##### MATERIAL FOR THIS TASK #####
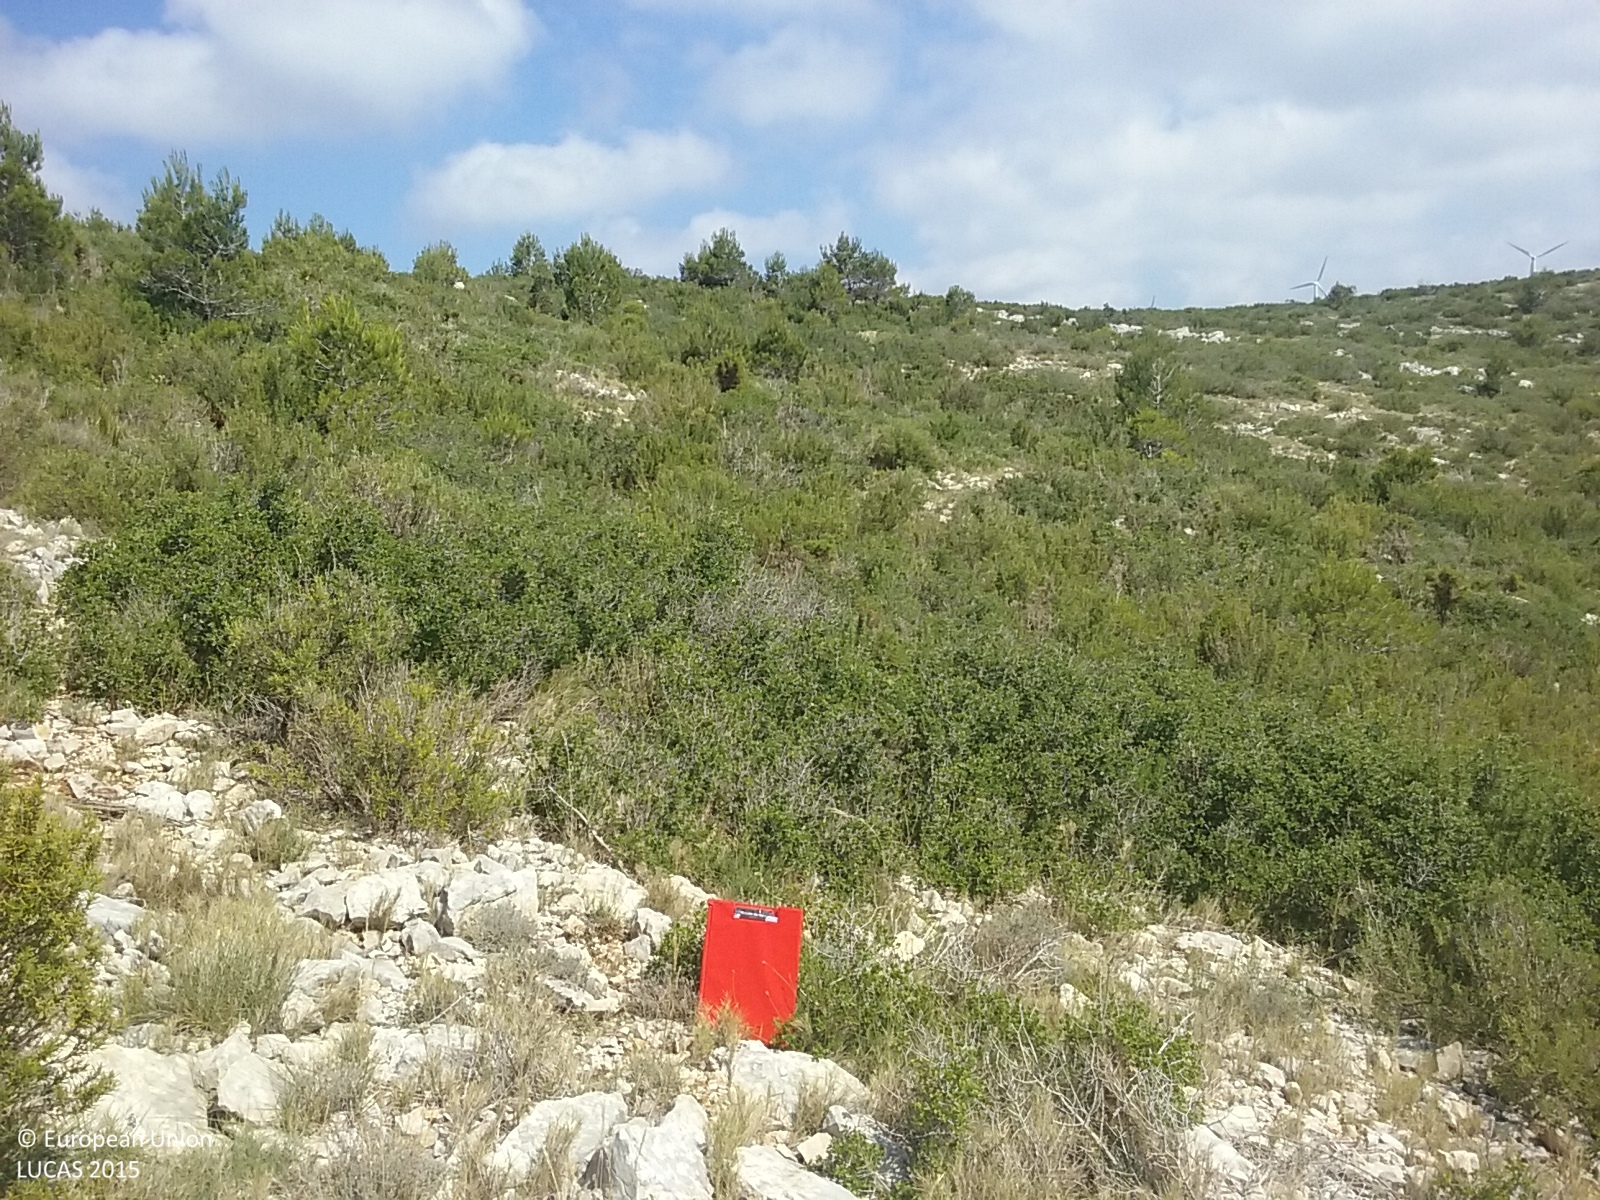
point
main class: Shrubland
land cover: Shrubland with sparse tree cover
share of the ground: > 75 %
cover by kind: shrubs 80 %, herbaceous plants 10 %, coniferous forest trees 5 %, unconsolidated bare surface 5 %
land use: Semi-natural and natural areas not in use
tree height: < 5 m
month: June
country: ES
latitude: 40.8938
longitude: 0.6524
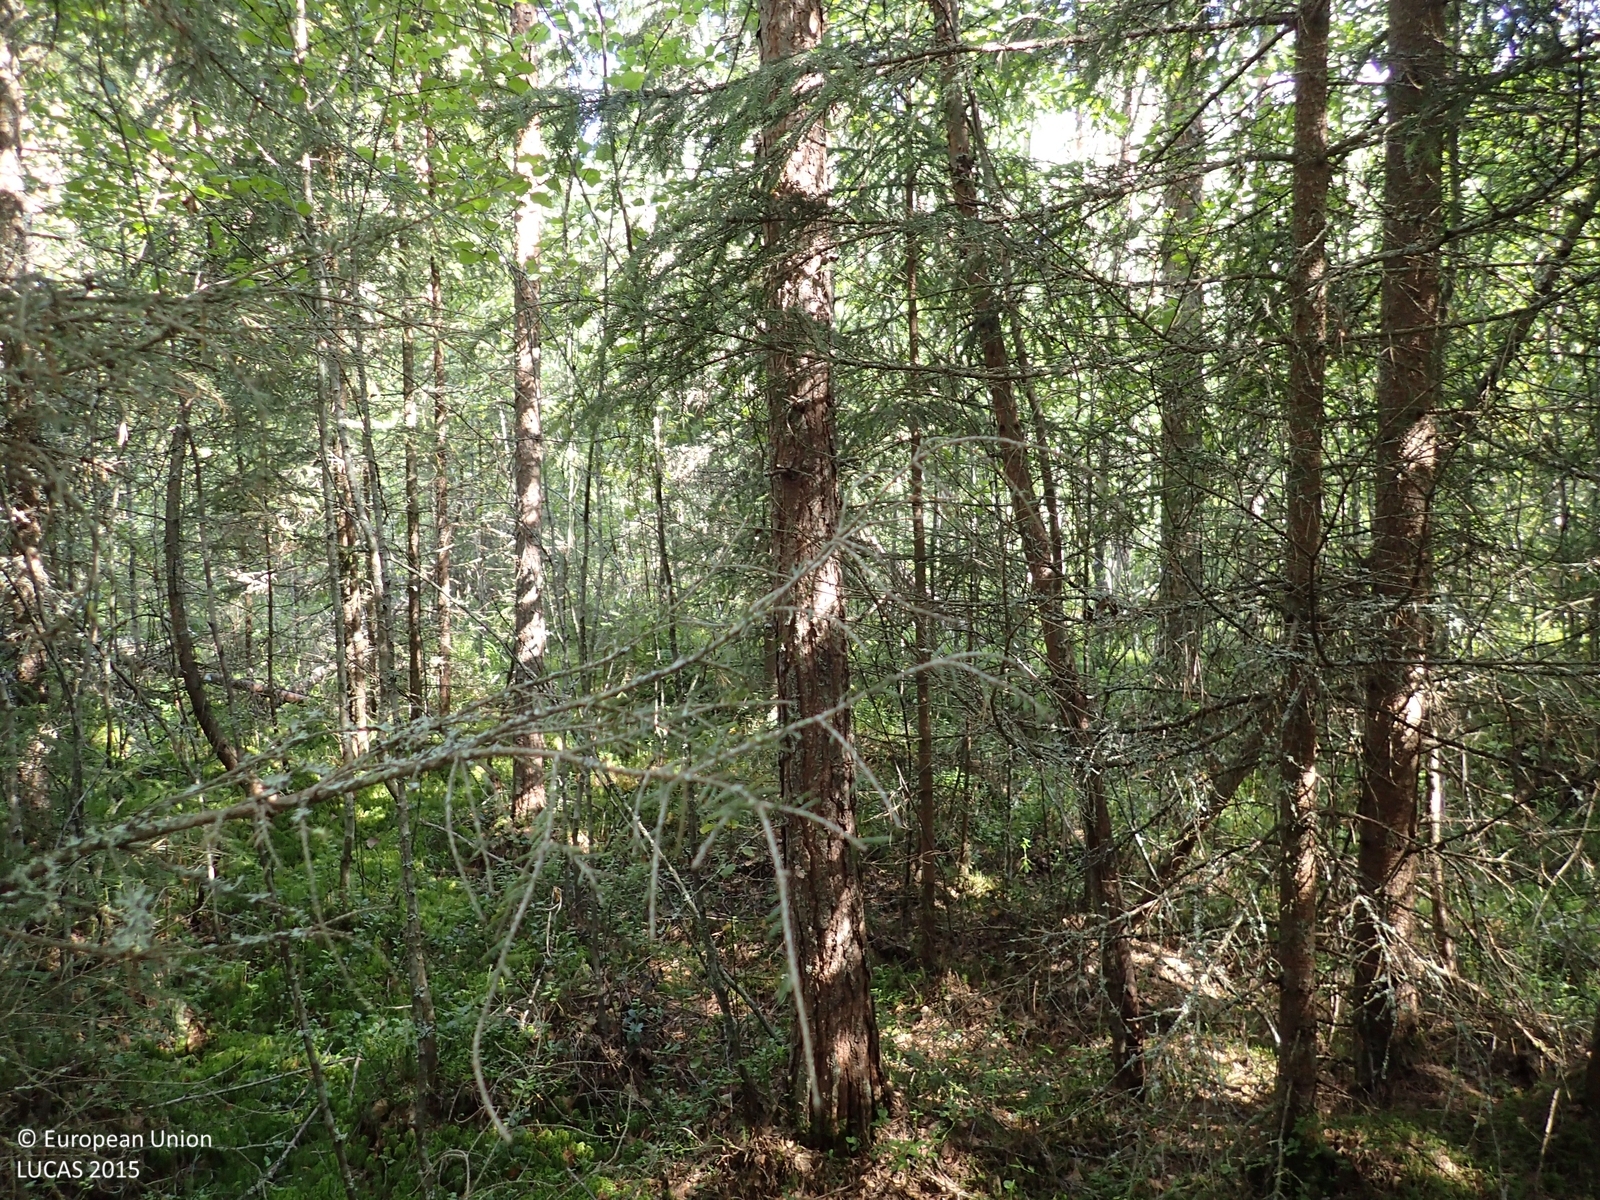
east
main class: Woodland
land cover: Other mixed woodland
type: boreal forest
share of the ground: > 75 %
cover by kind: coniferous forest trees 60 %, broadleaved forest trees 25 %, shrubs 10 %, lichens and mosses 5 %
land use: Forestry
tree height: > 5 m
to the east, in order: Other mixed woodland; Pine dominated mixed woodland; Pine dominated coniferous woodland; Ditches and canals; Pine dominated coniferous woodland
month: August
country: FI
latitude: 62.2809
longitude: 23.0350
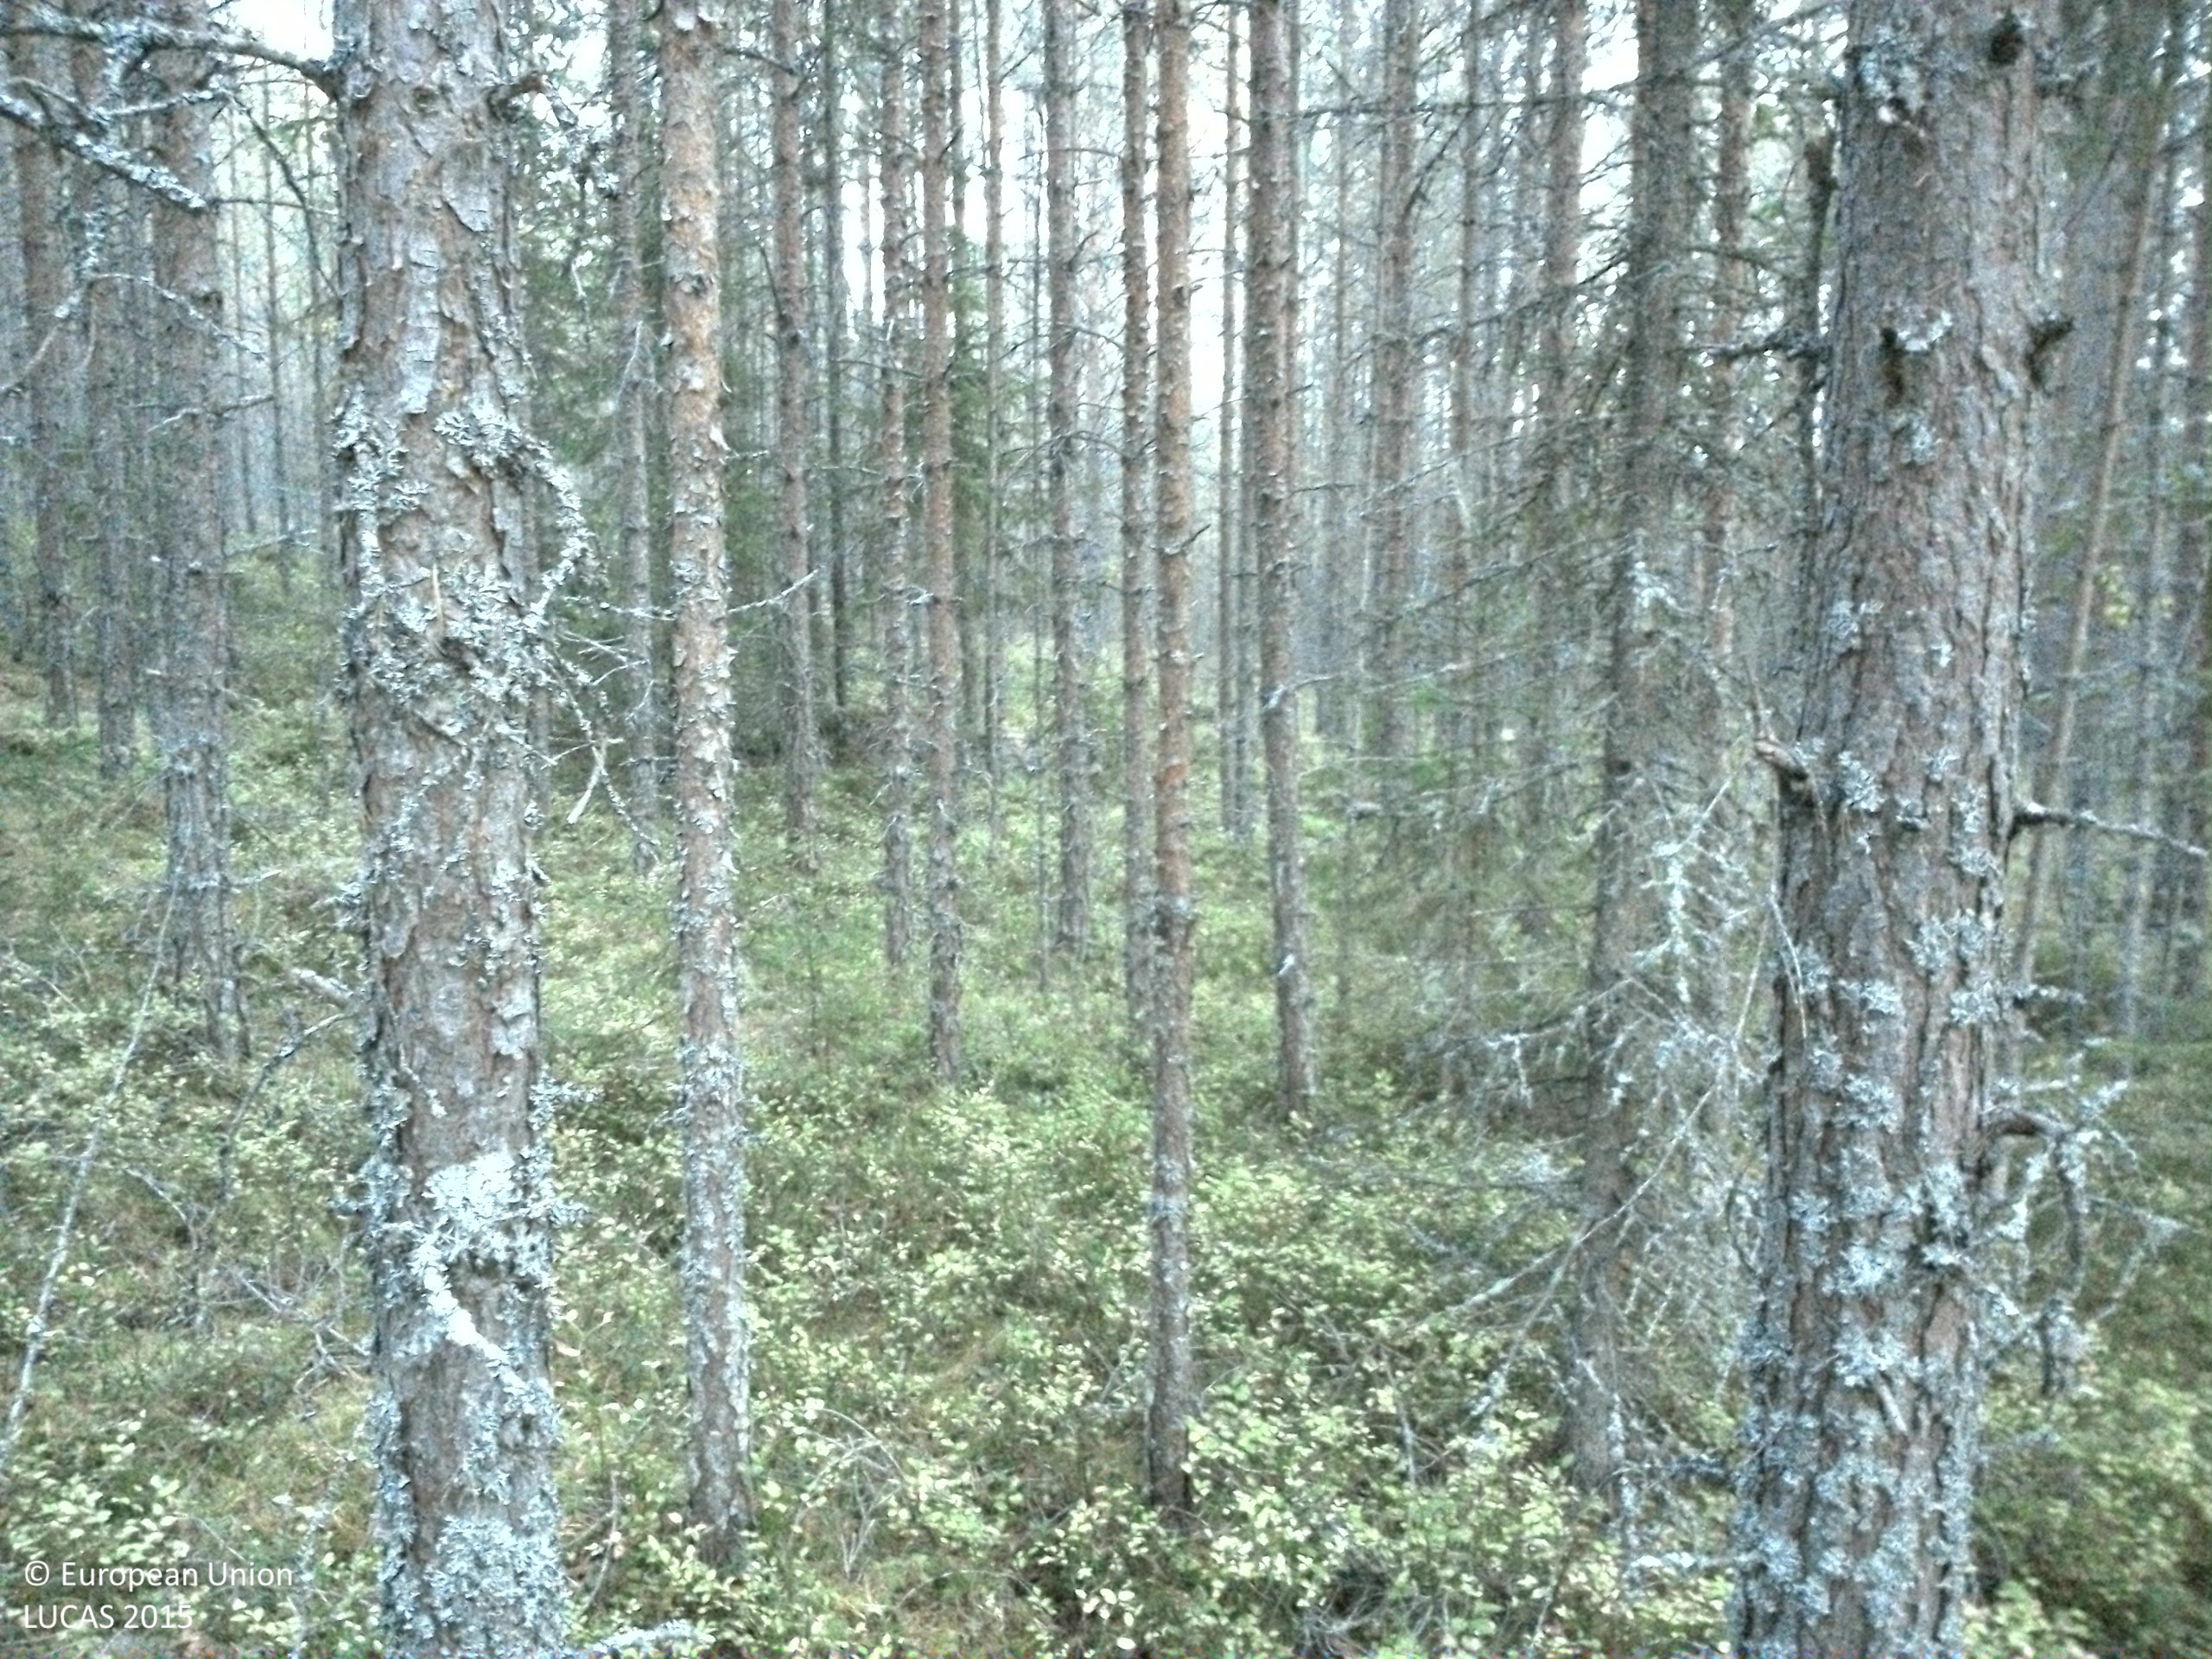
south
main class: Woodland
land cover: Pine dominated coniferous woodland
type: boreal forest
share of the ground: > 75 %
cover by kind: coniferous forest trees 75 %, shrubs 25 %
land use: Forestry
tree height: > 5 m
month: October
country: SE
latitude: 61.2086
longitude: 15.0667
#####
(WORK REQUIRED) Output the data exactly, pictures omitted.

(ANSWER TO THIS EXERCISE)
point
main class: Shrubland
land cover: Shrubland with sparse tree cover
share of the ground: > 75 %
cover by kind: shrubs 80 %, herbaceous plants 10 %, coniferous forest trees 5 %, unconsolidated bare surface 5 %
land use: Semi-natural and natural areas not in use
tree height: < 5 m
month: June
country: ES
latitude: 40.8938
longitude: 0.6524
east
main class: Woodland
land cover: Other mixed woodland
type: boreal forest
share of the ground: > 75 %
cover by kind: coniferous forest trees 60 %, broadleaved forest trees 25 %, shrubs 10 %, lichens and mosses 5 %
land use: Forestry
tree height: > 5 m
to the east, in order: Other mixed woodland; Pine dominated mixed woodland; Pine dominated coniferous woodland; Ditches and canals; Pine dominated coniferous woodland
month: August
country: FI
latitude: 62.2809
longitude: 23.0350
south
main class: Woodland
land cover: Pine dominated coniferous woodland
type: boreal forest
share of the ground: > 75 %
cover by kind: coniferous forest trees 75 %, shrubs 25 %
land use: Forestry
tree height: > 5 m
month: October
country: SE
latitude: 61.2086
longitude: 15.0667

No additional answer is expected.